Vemurafenib first drug
to improve progression-free survival in patients with advanced melanoma
A randomized, international Phase III trial
showed that vemurafenib (also known as PLX4032), which targets the
V600E mutations in the BRAF gene, is the first drug to improve overall
survival when compared to standard chemotherapy in patients with
advanced melanoma. It is also the first drug to improve progression-free
survival (PFS) and response proportion in these patients. If approved
by the U.S. Food and Drug Administration, vemurafenib could become
a new standard treatment for patients with melanoma who have this
gene mutation. The drug has received extensive attention as a result
of striking results from earlier-stage trials. This study is the
first to demonstrate conclusively that the drug significantly improves
survival better than the current standard.
"This is really a huge step toward personalized care in melanoma,"
said lead author Paul Chapman, M.D., attending physician in the
melanoma/sarcoma service at Memorial Sloan-Kettering Cancer Center
in New York. "This is the first successful melanoma treatment
tailored to patients who carry a specific gene mutation in their
tumor, and could eventually become one of only two drugs available
that improves overall survival in advanced cancers." The other
drug, ipilumumab, is an immune therapy also featured in ASCO's 2011
Annual Meeting plenary session.
Approximately half of all melanomas harbor a V600E mutation in
the BRAF gene. The trial compared the effectiveness - overall survival
and progression-free survival - of treatment with vemurafenib to
the chemotherapy drug dacarbazine in 675 patients with previously
untreated, inoperable stage IIIC or stage IV metastatic melanoma
and a V600E mutation in the BRAF gene.
At the planned interim analysis at median three months, patients
receiving vemurafenib had a 63 percent reduction in risk of death
compared to those receiving dacarbazine. Those who received vemurafenib
also had a 74 percent reduction in the risk of progression (or death)
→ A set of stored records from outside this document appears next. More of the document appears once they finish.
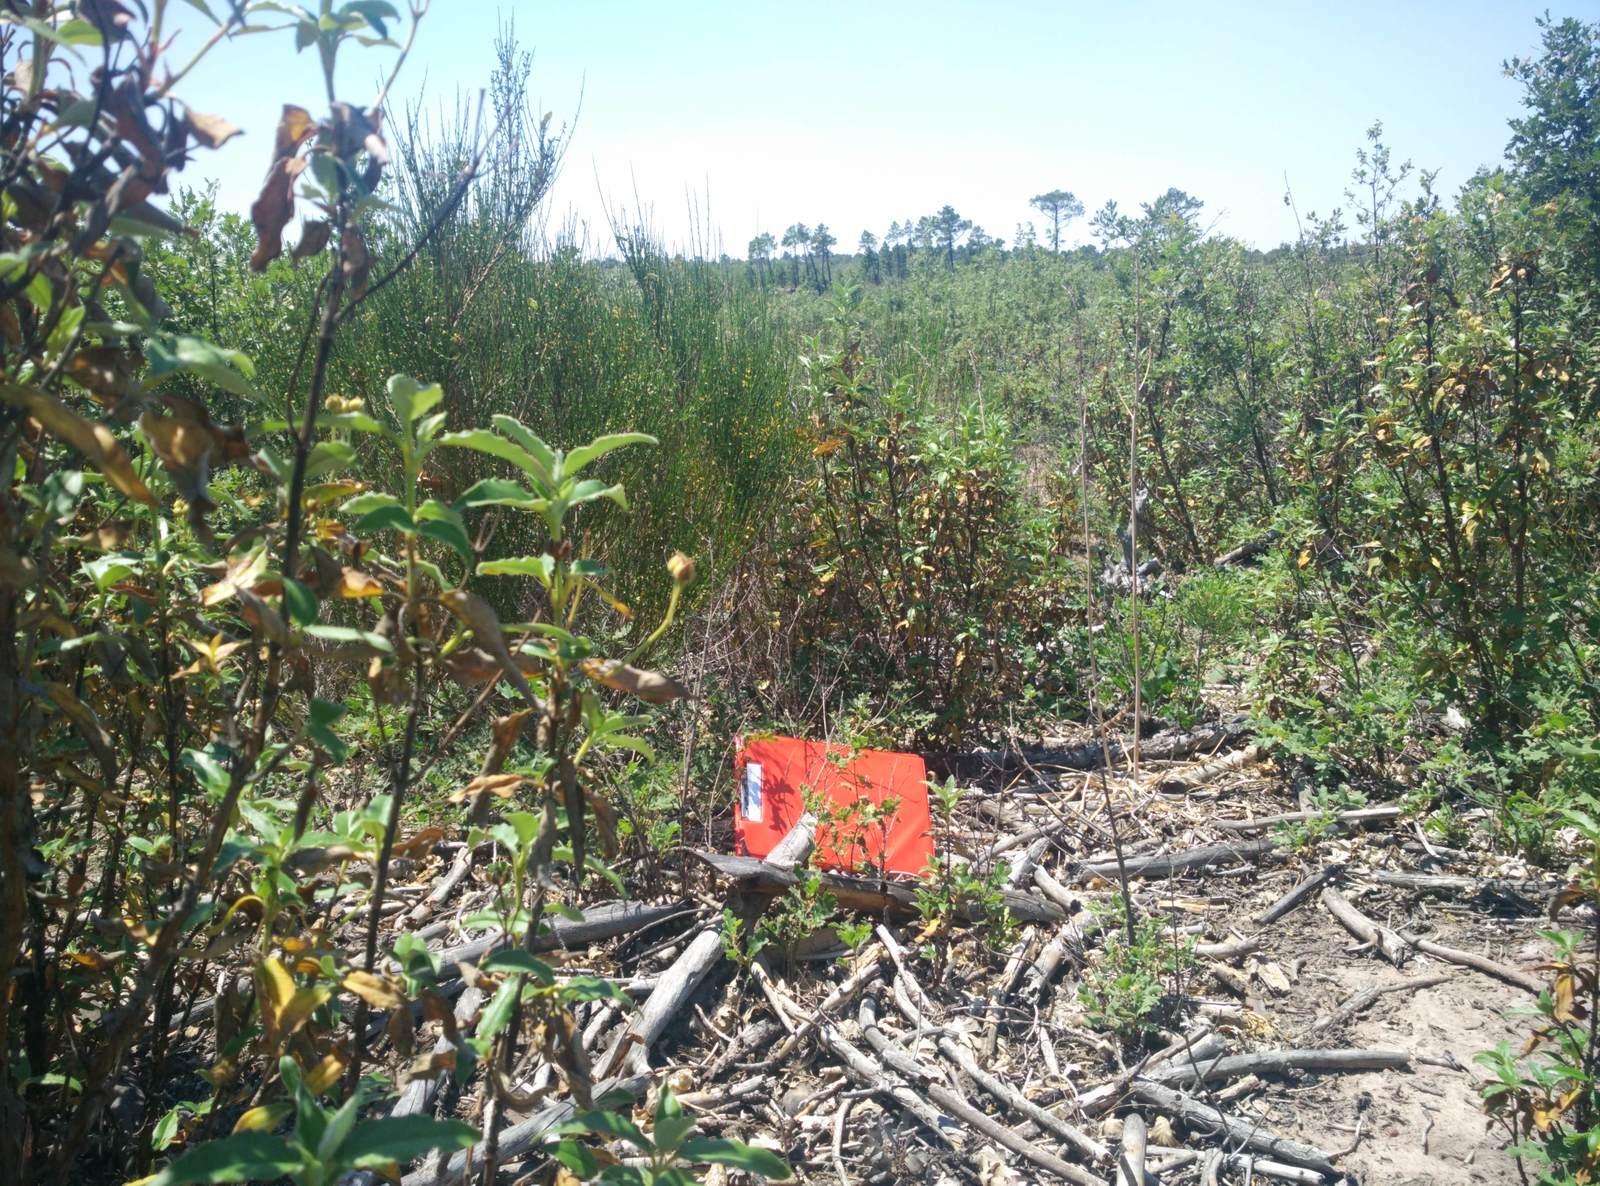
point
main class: Shrubland
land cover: Shrubland without tree cover
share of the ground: > 75 %
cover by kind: shrubs 80 %, unconsolidated bare surface 15 %, herbaceous plants 5 %
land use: Semi-natural and natural areas not in use
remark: Burnt area
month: July
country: ES
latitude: 40.9011
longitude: -2.1214
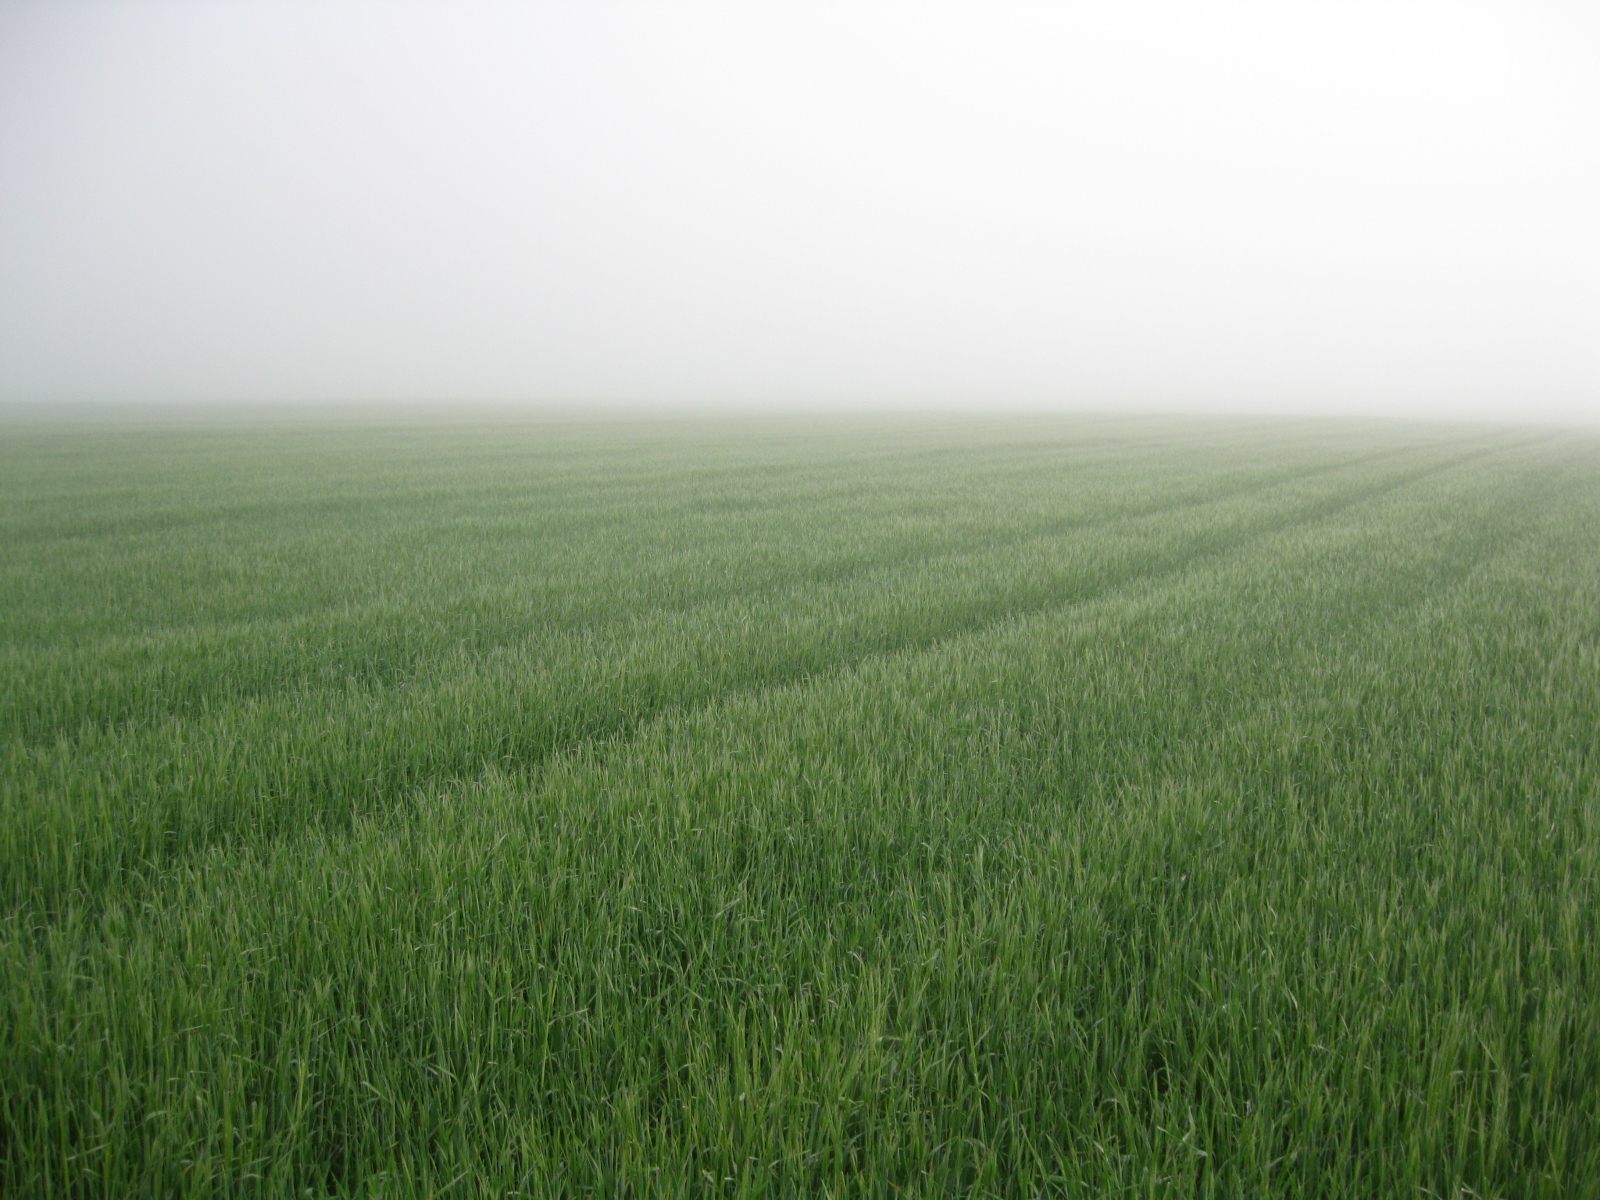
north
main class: Cropland
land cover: Barley
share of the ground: > 75 %
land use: Agriculture (excluding fallow land and kitchen gardens)
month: June
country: LT
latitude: 55.4740
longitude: 23.9628
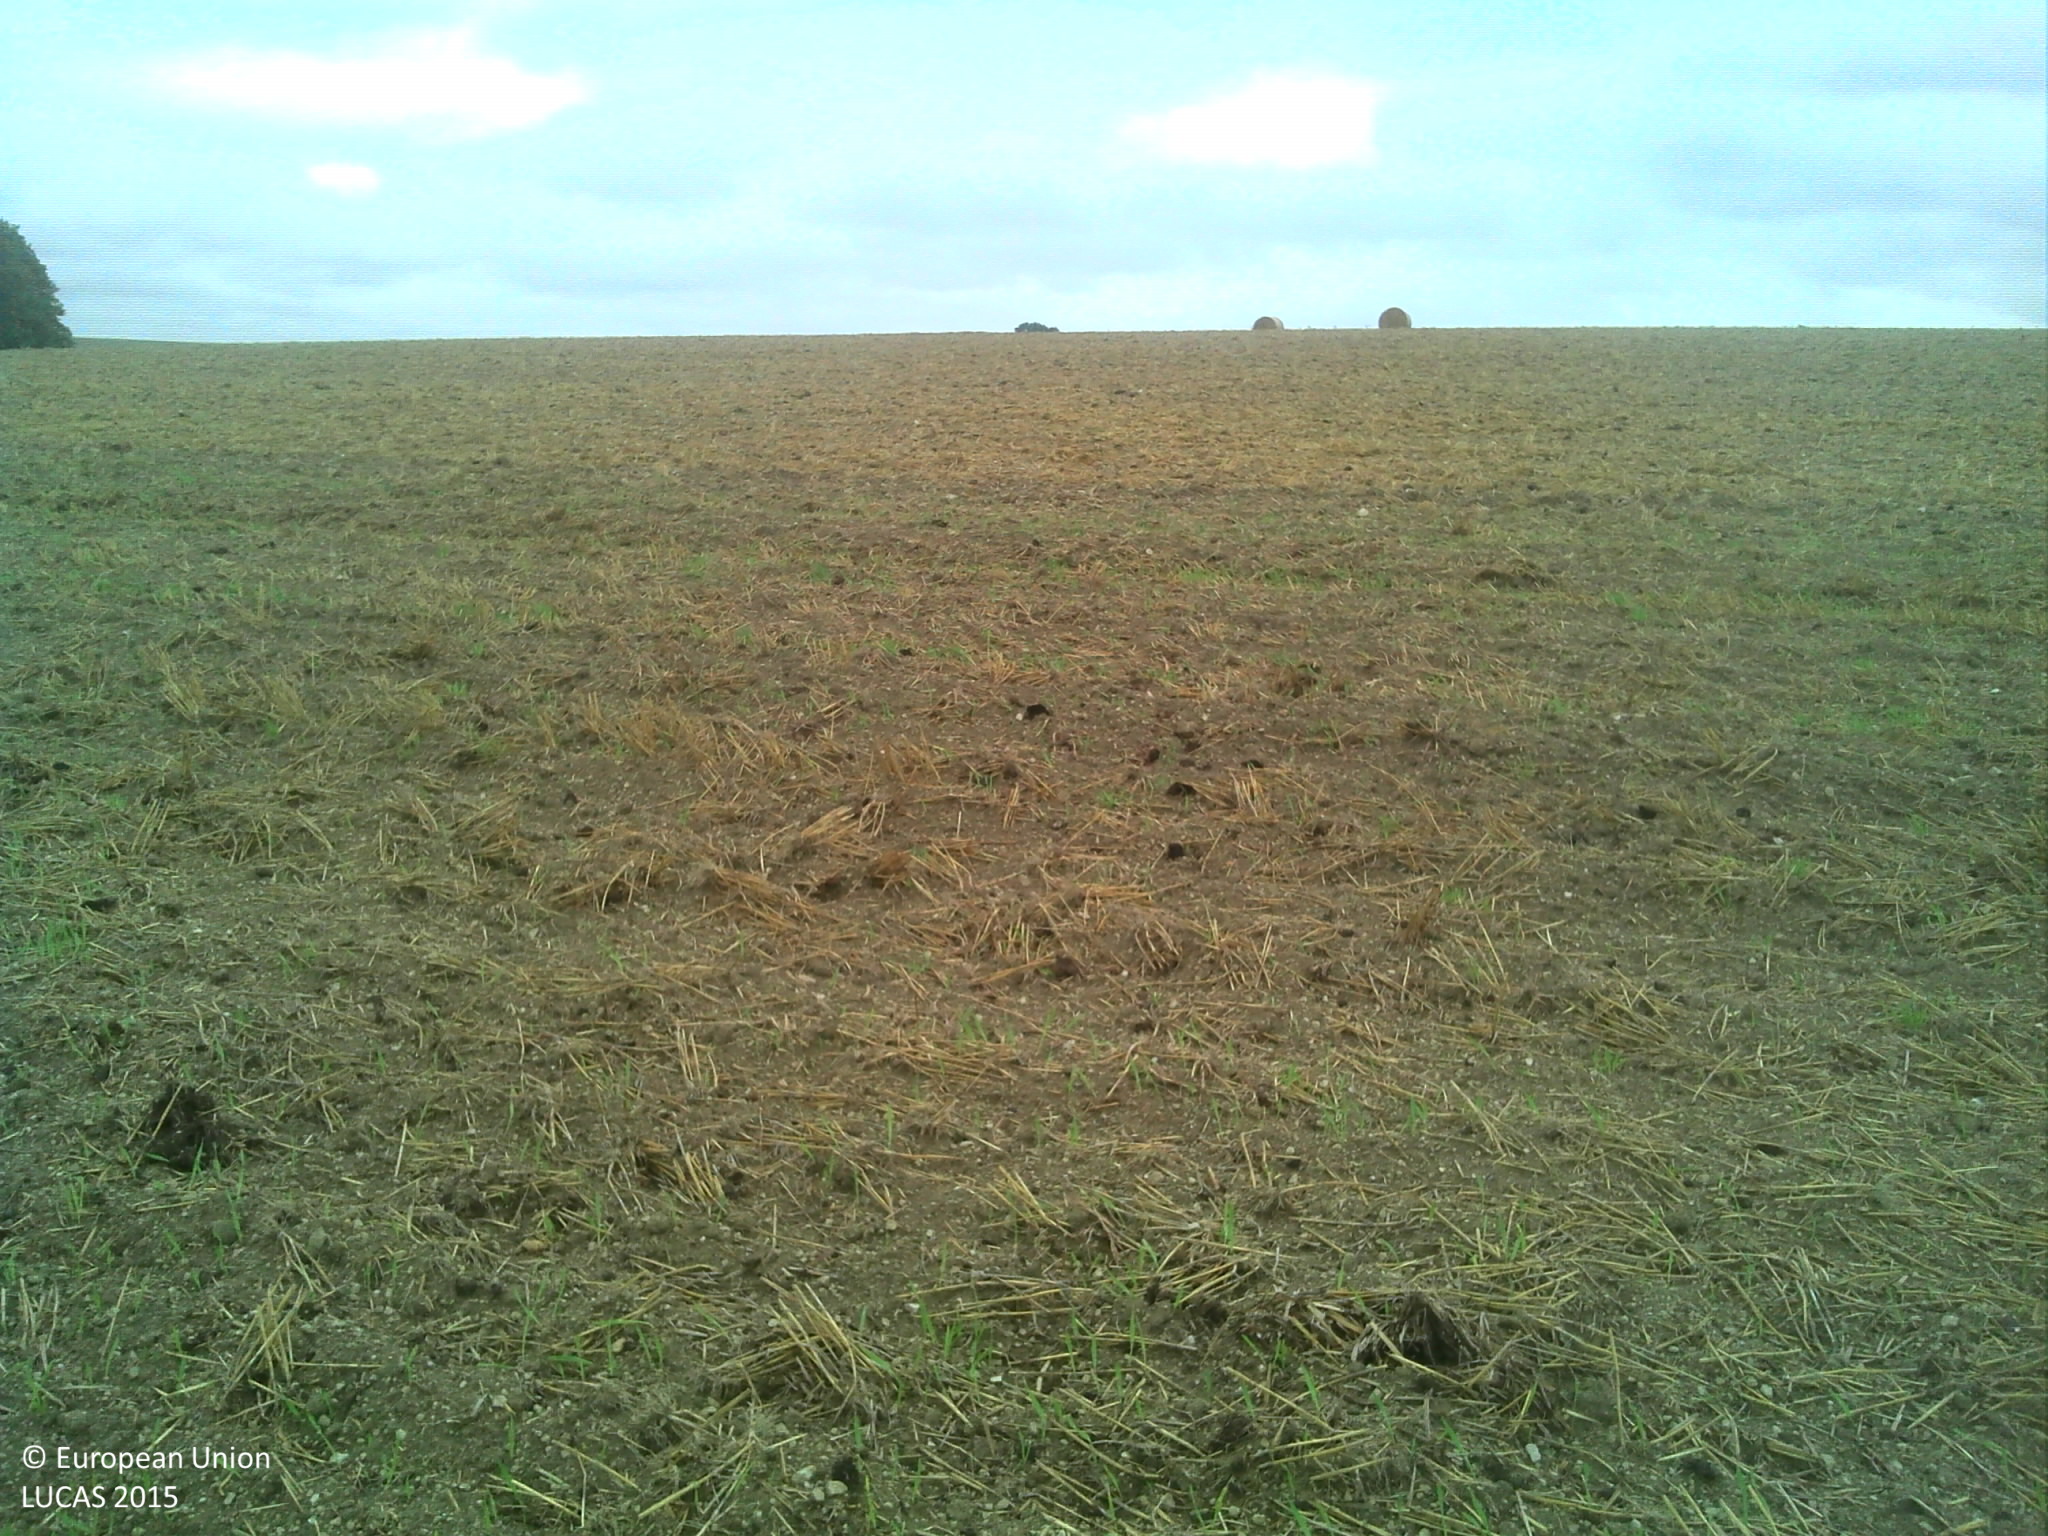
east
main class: Cropland
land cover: Barley
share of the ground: 25 - 50 %
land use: Agriculture (excluding fallow land and kitchen gardens)
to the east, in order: Barley; Common wheat; Barley
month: July
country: FR
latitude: 49.9127
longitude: 3.5730

compared to dacarbazine. In addition, the researchers found that
those receiving vemurafenib had a 48.4 percent response rate compared
to 5.5 percent for the dacarbazine group. At the first trial interim
analysis, it was recommended that those patients receiving dacarbazine
switch to vemurafenib.
The most common side effects of vemurafenib were skin rashes, photosensitivity,
elevated liver enzymes, and joint pain. Fewer than 10 percent of
these side effects were grade three or worse. In addition, 18 percent
of patients developed a low-grade non-melanoma skin tumor.
Dr. Chapman said that because the study findings showed improvements
in PFS and response rate along with greater overall survival, PFS
may now become a validated study endpoint for future trials with
similarly targeted therapies in melanoma.
The researchers plan to next test vemurafenib in combination with
other agents in patients with advanced melanoma. A Phase I trial
has already begun with vemurafenib and ipilimumab, which received
approval from the U.S. Food and Drug Administration earlier this
year.
The study was sponsored by Hoffman-La Roche.